Data items
···
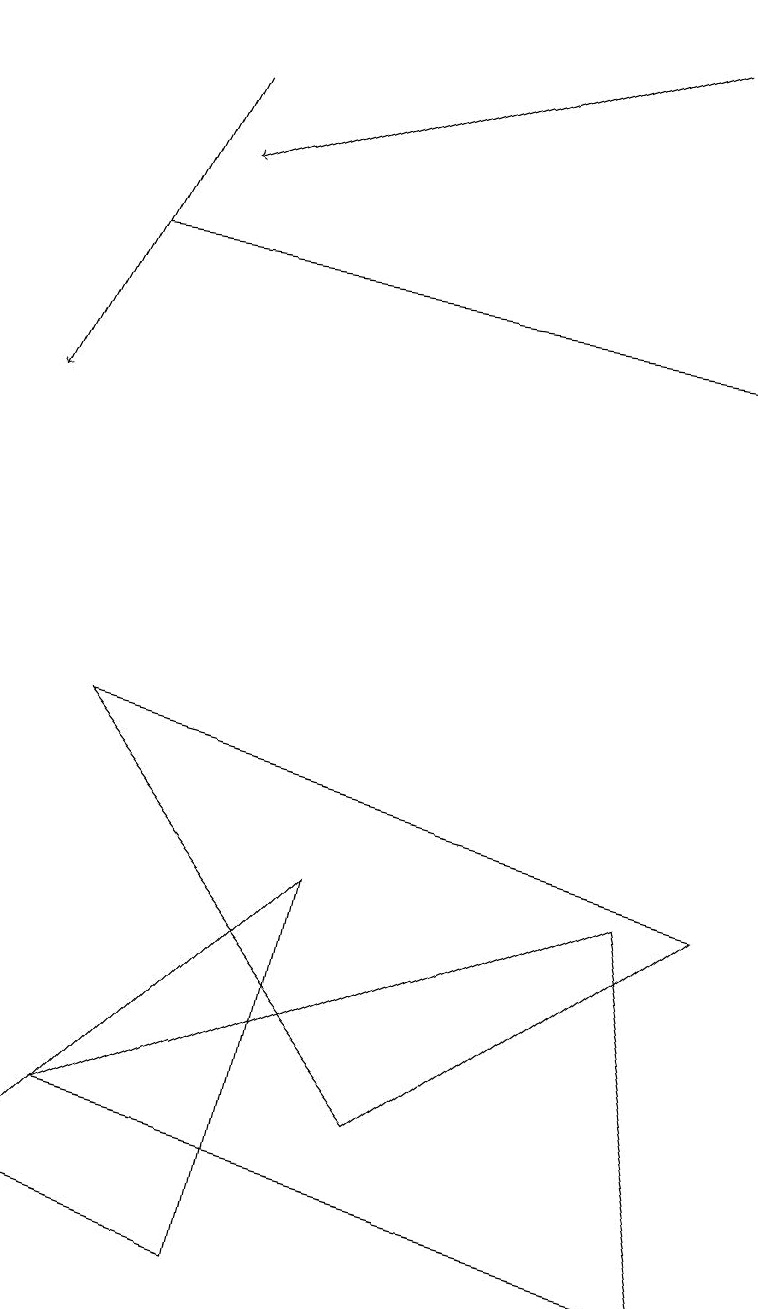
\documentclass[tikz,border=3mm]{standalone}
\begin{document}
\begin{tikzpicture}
\draw[->] (2,15) -- (0,11);
\draw (8,5) -- (1,2) -- (9,0) -- cycle;
\draw[->] (8,16) -- (2,14);
\draw (4,5) -- (3,0) -- (0,1) -- cycle;
\draw[->] (1,13) -- (9,12);
\draw (9,5) -- (1,7) -- (5,2) -- cycle;
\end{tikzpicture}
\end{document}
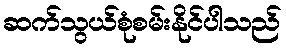
ဆက်သွယ်စုံစမ်းနိုင်ပါသည်
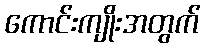
ကောင်းကျိုးအတွက်
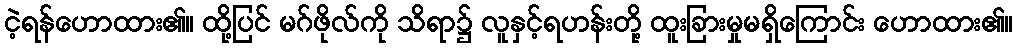
ငဲ့ရန်ဟောထား၏။ ထို့ပြင် မဂ်ဖိုလ်ကို သိရာ၌ လူနှင့်ရဟန်းတို့ ထူးခြားမှုမရှိကြောင်း ဟောထား၏။
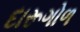
દારૂગોળ
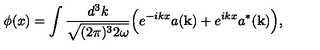
\phi ( x ) = \int { \frac { d ^ { 3 } k } { \sqrt { ( 2 \pi ) ^ { 3 } 2 \omega } } } \Big ( e ^ { - i k x } a ( { \bf k } ) + e ^ { i k x } a ^ { * } ( { \bf k } ) \Big ) ,
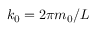
k _ { 0 } = 2 \pi m _ { 0 } / L
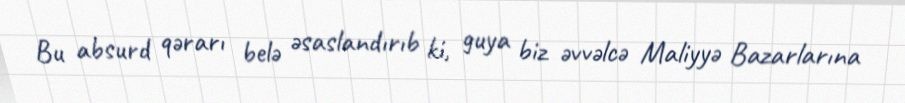
Bu absurd qərarı belə əsaslandırıb ki, guya biz əvvəlcə Maliyyə Bazarlarına
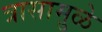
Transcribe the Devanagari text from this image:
त्रासामु़ळे
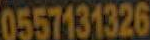
0557131326
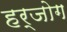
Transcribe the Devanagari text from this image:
हर्जोग
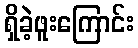
ရှိခဲ့ဖူးကြောင်း
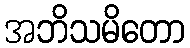
အဘိသမိတော
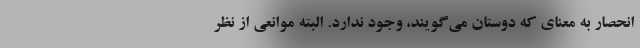
انحصار به معنای که دوستان می‌گویند، وجود ندارد. البته موانعی از نظر
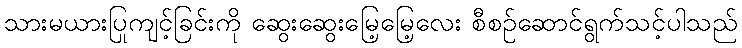
သားမယားပြုကျင့်ခြင်းကို ဆွေးဆွေးမြေ့မြေ့လေး စီစဉ်ဆောင်ရွက်သင့်ပါသည်
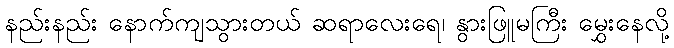
နည်းနည်း နောက်ကျသွားတယ် ဆရာလေးရေ၊ နွားဖြူမကြီး မွှေးနေလို့
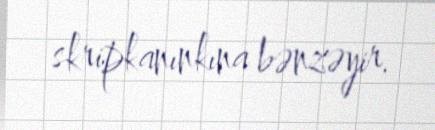
skripkanınkına bənzəyir.
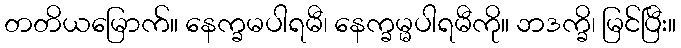
တတိယမြောက်။ နေက္ခမပါရမီ၊ နေက္ခမ္မပါရမီကို။ ဘဒက္ခိ၊ မြင်ပြီး။
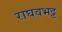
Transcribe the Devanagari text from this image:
राघवभट्ट
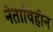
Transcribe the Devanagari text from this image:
नेताविहीन
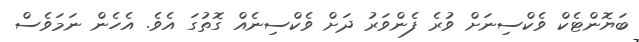
ބަޔޮންޓެކް ވެކްސިނަށް ވުރެ ފެންވަރު ދަށް ވެކްސިނެއް ގޮތުގަ އެވެ. އެހެން ނަމަވެސް
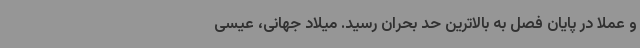
و عملاً در پایان فصل به بالاترین حد بحران رسید. میلاد جهانی، عیسی
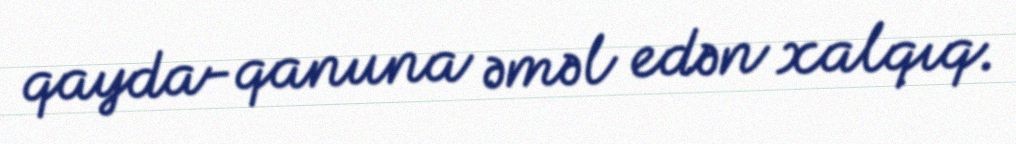
qayda-qanuna əməl edən xalqıq.
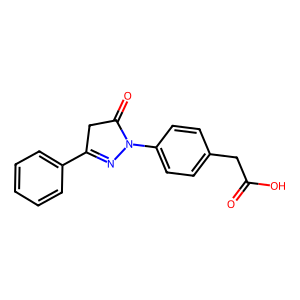
SMILES: O=C(O)Cc1ccc(N2N=C(c3ccccc3)CC2=O)cc1
Inhibits HIV replication: No
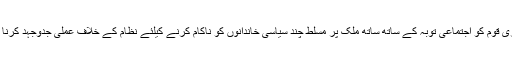
آج ساری قوم کو اجتماعی توبہ کے ساتھ ساتھ ملک پر مسلط چند سیاسی خاندانوں کو ناکام کرنے کیلئے نظام کے خلاف عملی جدوجہد کرنا ہو گی۔
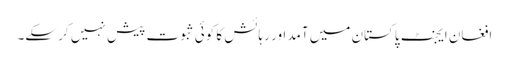
افغان ایجنٹ پاکستان میں آمد اور رہائش کا کوئی ثبوت پیش نہیں کر سکے۔
···
> Exercise goal:
Please copy the data shown above, line by line and exactly, omitting the images.

> Solution to the problem:
\documentclass[tikz,border=3mm]{standalone}
\begin{document}
\begin{tikzpicture}
\draw[->] (2,15) -- (0,11);
\draw (8,5) -- (1,2) -- (9,0) -- cycle;
\draw[->] (8,16) -- (2,14);
\draw (4,5) -- (3,0) -- (0,1) -- cycle;
\draw[->] (1,13) -- (9,12);
\draw (9,5) -- (1,7) -- (5,2) -- cycle;
\end{tikzpicture}
\end{document}
ဆက်သွယ်စုံစမ်းနိုင်ပါသည်
ကောင်းကျိုးအတွက်
ငဲ့ရန်ဟောထား၏။ ထို့ပြင် မဂ်ဖိုလ်ကို သိရာ၌ လူနှင့်ရဟန်းတို့ ထူးခြားမှုမရှိကြောင်း ဟောထား၏။
દારૂગોળ
\phi ( x ) = \int { \frac { d ^ { 3 } k } { \sqrt { ( 2 \pi ) ^ { 3 } 2 \omega } } } \Big ( e ^ { - i k x } a ( { \bf k } ) + e ^ { i k x } a ^ { * } ( { \bf k } ) \Big ) ,
k _ { 0 } = 2 \pi m _ { 0 } / L
Bu absurd qərarı belə əsaslandırıb ki, guya biz əvvəlcə Maliyyə Bazarlarına
Transcribe the Devanagari text from this image:
त्रासामु़ळे
0557131326
Transcribe the Devanagari text from this image:
हर्जोग
ရှိခဲ့ဖူးကြောင်း
အဘိသမိတော
انحصار به معنای که دوستان می‌گویند، وجود ندارد. البته موانعی از نظر
သားမယားပြုကျင့်ခြင်းကို ဆွေးဆွေးမြေ့မြေ့လေး စီစဉ်ဆောင်ရွက်သင့်ပါသည်
နည်းနည်း နောက်ကျသွားတယ် ဆရာလေးရေ၊ နွားဖြူမကြီး မွှေးနေလို့
skripkanınkına bənzəyir.
တတိယမြောက်။ နေက္ခမပါရမီ၊ နေက္ခမ္မပါရမီကို။ ဘဒက္ခိ၊ မြင်ပြီး။
Transcribe the Devanagari text from this image:
राघवभट्ट
Transcribe the Devanagari text from this image:
नेताविहीन
ބަޔޮންޓެކް ވެކްސިނަށް ވުރެ ފެންވަރު ދަށް ވެކްސިނެއް ގޮތުގަ އެވެ. އެހެން ނަމަވެސް
و عملاً در پایان فصل به بالاترین حد بحران رسید. میلاد جهانی، عیسی
qayda-qanuna əməl edən xalqıq.
SMILES: O=C(O)Cc1ccc(N2N=C(c3ccccc3)CC2=O)cc1
Inhibits HIV replication: No
آج ساری قوم کو اجتماعی توبہ کے ساتھ ساتھ ملک پر مسلط چند سیاسی خاندانوں کو ناکام کرنے کیلئے نظام کے خلاف عملی جدوجہد کرنا ہو گی۔
افغان ایجنٹ پاکستان میں آمد اور رہائش کا کوئی ثبوت پیش نہیں کر سکے۔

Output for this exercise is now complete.